### Dataset content
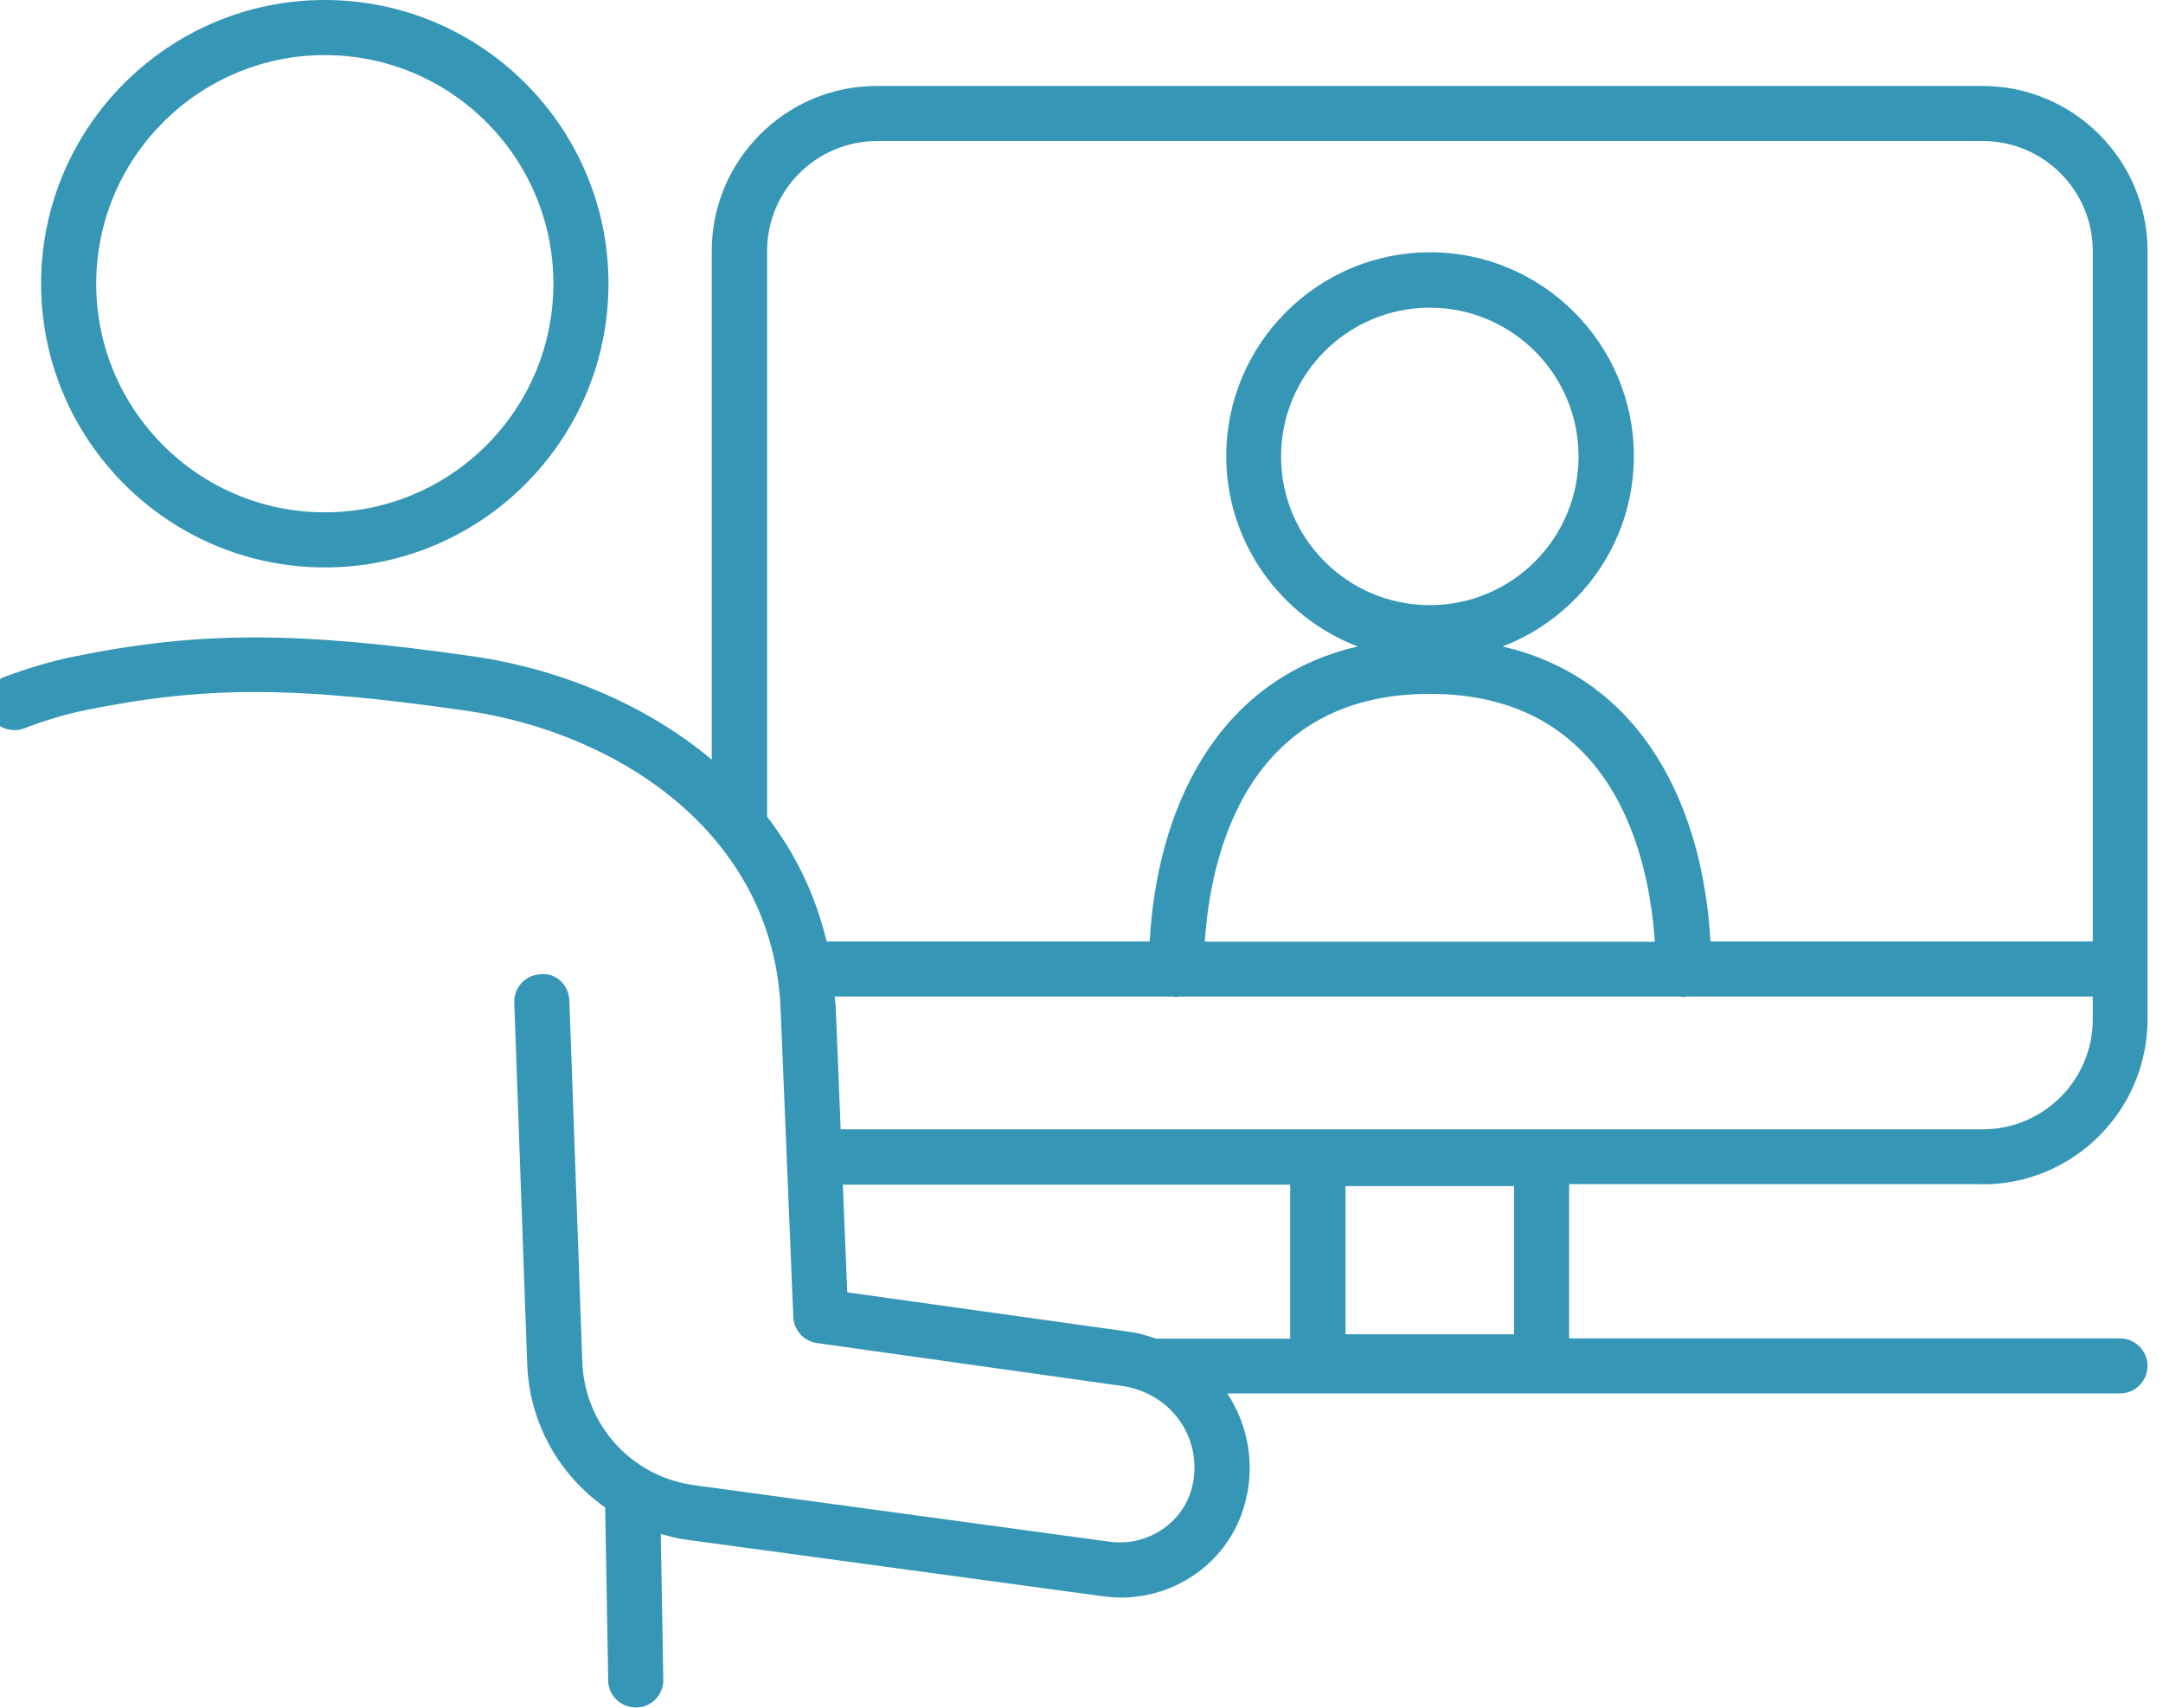 <svg width="38" height="30" viewBox="0 0 38 30" fill="none" xmlns="http://www.w3.org/2000/svg">
<g clip-path="url(#clip0_125_137668)">
<path fill-rule="evenodd" clip-rule="evenodd" d="M10.69 4.984C10.69 7.732 8.454 9.968 5.706 9.968C2.958 9.968 0.722 7.732 0.722 4.984C0.722 2.235 2.958 0 5.706 0C8.454 0 10.69 2.235 10.69 4.984ZM9.722 4.984C9.722 2.768 7.922 0.968 5.706 0.968C3.495 0.968 1.69 2.768 1.69 4.984C1.69 7.2 3.49 9 5.706 9C7.922 9 9.722 7.2 9.722 4.984ZM37.728 17.908C37.728 19.505 36.427 20.806 34.83 20.806V20.802H27.567V23.511H37.245C37.511 23.511 37.728 23.729 37.728 23.995C37.728 24.261 37.511 24.479 37.245 24.479H21.562C21.882 24.968 22.027 25.568 21.92 26.197C21.915 26.215 21.911 26.235 21.907 26.256C21.904 26.273 21.901 26.291 21.896 26.308C21.669 27.349 20.745 28.065 19.685 28.065C19.593 28.065 19.505 28.056 19.413 28.047L19.399 28.045L12.064 27.049C11.904 27.029 11.759 26.99 11.609 26.947L11.653 29.502C11.658 29.773 11.445 29.995 11.178 29.995H11.169C10.908 29.995 10.685 29.787 10.685 29.521L10.632 26.482C9.828 25.916 9.301 25.006 9.262 23.966L9.035 17.618C9.025 17.347 9.233 17.124 9.499 17.115C9.78 17.086 9.993 17.313 10.003 17.579L10.23 23.927C10.269 25.031 11.096 25.94 12.19 26.09L19.52 27.087C20.178 27.165 20.808 26.734 20.948 26.1L20.962 26.032C21.103 25.234 20.57 24.494 19.753 24.353L14.353 23.594C14.12 23.56 13.946 23.366 13.937 23.134L13.714 17.729C13.588 14.637 10.845 12.866 8.183 12.484C5.159 12.049 3.591 12.049 1.482 12.479C1.153 12.547 0.799 12.653 0.427 12.794C0.175 12.89 -0.101 12.765 -0.197 12.513C-0.294 12.261 -0.168 11.986 0.083 11.889C0.504 11.734 0.906 11.613 1.288 11.536C3.499 11.086 5.207 11.086 8.319 11.531C9.809 11.748 11.329 12.358 12.504 13.345V4.408C12.504 2.811 13.806 1.51 15.403 1.51H34.83C36.427 1.51 37.728 2.811 37.728 4.408V17.908ZM14.769 19.839H34.83H34.835C35.899 19.839 36.766 18.973 36.766 17.908V17.506H29.628C29.619 17.506 29.61 17.509 29.602 17.511C29.593 17.514 29.585 17.516 29.575 17.516C29.556 17.516 29.522 17.506 29.522 17.506H20.716C20.706 17.506 20.697 17.509 20.689 17.511C20.68 17.514 20.672 17.516 20.662 17.516C20.643 17.516 20.609 17.506 20.609 17.506H14.662C14.664 17.532 14.668 17.557 14.671 17.582C14.677 17.62 14.682 17.657 14.682 17.695L14.769 19.839ZM25.119 5.405C23.677 5.405 22.506 6.576 22.506 8.018C22.506 9.46 23.677 10.631 25.119 10.631C26.561 10.631 27.732 9.46 27.732 8.018C27.732 6.576 26.561 5.405 25.119 5.405ZM21.166 16.544H29.072C28.975 15.082 28.375 12.189 25.119 12.189C21.862 12.189 21.262 15.082 21.166 16.544ZM13.477 4.408V14.347C13.961 14.976 14.324 15.707 14.522 16.539H20.198C20.324 14.24 21.354 11.937 23.851 11.357C22.506 10.839 21.543 9.537 21.543 8.013C21.543 6.039 23.149 4.432 25.124 4.432C27.098 4.432 28.704 6.039 28.704 8.013C28.704 9.542 27.741 10.844 26.396 11.357C28.893 11.932 29.924 14.236 30.049 16.539H36.766V4.408C36.766 3.344 35.899 2.478 34.835 2.478H15.408C14.343 2.478 13.477 3.344 13.477 4.408ZM23.638 20.836V23.439H26.599V20.836H23.638ZM22.666 23.516H20.309C20.178 23.473 20.048 23.429 19.903 23.405L14.885 22.703L14.807 20.811H22.666V23.516Z" fill="#3696B6"/>
</g>
<defs>
<clipPath id="clip0_125_137668">
<rect width="38" height="30" fill="white"/>
</clipPath>
</defs>
</svg>

### How to complete this task
Without the pictures, retype each line of the records above exactly.

### Task output
 <svg width="38" height="30" viewBox="0 0 38 30" fill="none" xmlns="http://www.w3.org/2000/svg">
<g clip-path="url(#clip0_125_137668)">
<path fill-rule="evenodd" clip-rule="evenodd" d="M10.69 4.984C10.69 7.732 8.454 9.968 5.706 9.968C2.958 9.968 0.722 7.732 0.722 4.984C0.722 2.235 2.958 0 5.706 0C8.454 0 10.69 2.235 10.69 4.984ZM9.722 4.984C9.722 2.768 7.922 0.968 5.706 0.968C3.495 0.968 1.69 2.768 1.69 4.984C1.69 7.2 3.49 9 5.706 9C7.922 9 9.722 7.2 9.722 4.984ZM37.728 17.908C37.728 19.505 36.427 20.806 34.83 20.806V20.802H27.567V23.511H37.245C37.511 23.511 37.728 23.729 37.728 23.995C37.728 24.261 37.511 24.479 37.245 24.479H21.562C21.882 24.968 22.027 25.568 21.92 26.197C21.915 26.215 21.911 26.235 21.907 26.256C21.904 26.273 21.901 26.291 21.896 26.308C21.669 27.349 20.745 28.065 19.685 28.065C19.593 28.065 19.505 28.056 19.413 28.047L19.399 28.045L12.064 27.049C11.904 27.029 11.759 26.99 11.609 26.947L11.653 29.502C11.658 29.773 11.445 29.995 11.178 29.995H11.169C10.908 29.995 10.685 29.787 10.685 29.521L10.632 26.482C9.828 25.916 9.301 25.006 9.262 23.966L9.035 17.618C9.025 17.347 9.233 17.124 9.499 17.115C9.78 17.086 9.993 17.313 10.003 17.579L10.23 23.927C10.269 25.031 11.096 25.94 12.19 26.09L19.52 27.087C20.178 27.165 20.808 26.734 20.948 26.1L20.962 26.032C21.103 25.234 20.57 24.494 19.753 24.353L14.353 23.594C14.12 23.56 13.946 23.366 13.937 23.134L13.714 17.729C13.588 14.637 10.845 12.866 8.183 12.484C5.159 12.049 3.591 12.049 1.482 12.479C1.153 12.547 0.799 12.653 0.427 12.794C0.175 12.89 -0.101 12.765 -0.197 12.513C-0.294 12.261 -0.168 11.986 0.083 11.889C0.504 11.734 0.906 11.613 1.288 11.536C3.499 11.086 5.207 11.086 8.319 11.531C9.809 11.748 11.329 12.358 12.504 13.345V4.408C12.504 2.811 13.806 1.51 15.403 1.51H34.83C36.427 1.51 37.728 2.811 37.728 4.408V17.908ZM14.769 19.839H34.83H34.835C35.899 19.839 36.766 18.973 36.766 17.908V17.506H29.628C29.619 17.506 29.61 17.509 29.602 17.511C29.593 17.514 29.585 17.516 29.575 17.516C29.556 17.516 29.522 17.506 29.522 17.506H20.716C20.706 17.506 20.697 17.509 20.689 17.511C20.68 17.514 20.672 17.516 20.662 17.516C20.643 17.516 20.609 17.506 20.609 17.506H14.662C14.664 17.532 14.668 17.557 14.671 17.582C14.677 17.62 14.682 17.657 14.682 17.695L14.769 19.839ZM25.119 5.405C23.677 5.405 22.506 6.576 22.506 8.018C22.506 9.46 23.677 10.631 25.119 10.631C26.561 10.631 27.732 9.46 27.732 8.018C27.732 6.576 26.561 5.405 25.119 5.405ZM21.166 16.544H29.072C28.975 15.082 28.375 12.189 25.119 12.189C21.862 12.189 21.262 15.082 21.166 16.544ZM13.477 4.408V14.347C13.961 14.976 14.324 15.707 14.522 16.539H20.198C20.324 14.24 21.354 11.937 23.851 11.357C22.506 10.839 21.543 9.537 21.543 8.013C21.543 6.039 23.149 4.432 25.124 4.432C27.098 4.432 28.704 6.039 28.704 8.013C28.704 9.542 27.741 10.844 26.396 11.357C28.893 11.932 29.924 14.236 30.049 16.539H36.766V4.408C36.766 3.344 35.899 2.478 34.835 2.478H15.408C14.343 2.478 13.477 3.344 13.477 4.408ZM23.638 20.836V23.439H26.599V20.836H23.638ZM22.666 23.516H20.309C20.178 23.473 20.048 23.429 19.903 23.405L14.885 22.703L14.807 20.811H22.666V23.516Z" fill="#3696B6"/>
</g>
<defs>
<clipPath id="clip0_125_137668">
<rect width="38" height="30" fill="white"/>
</clipPath>
</defs>
</svg>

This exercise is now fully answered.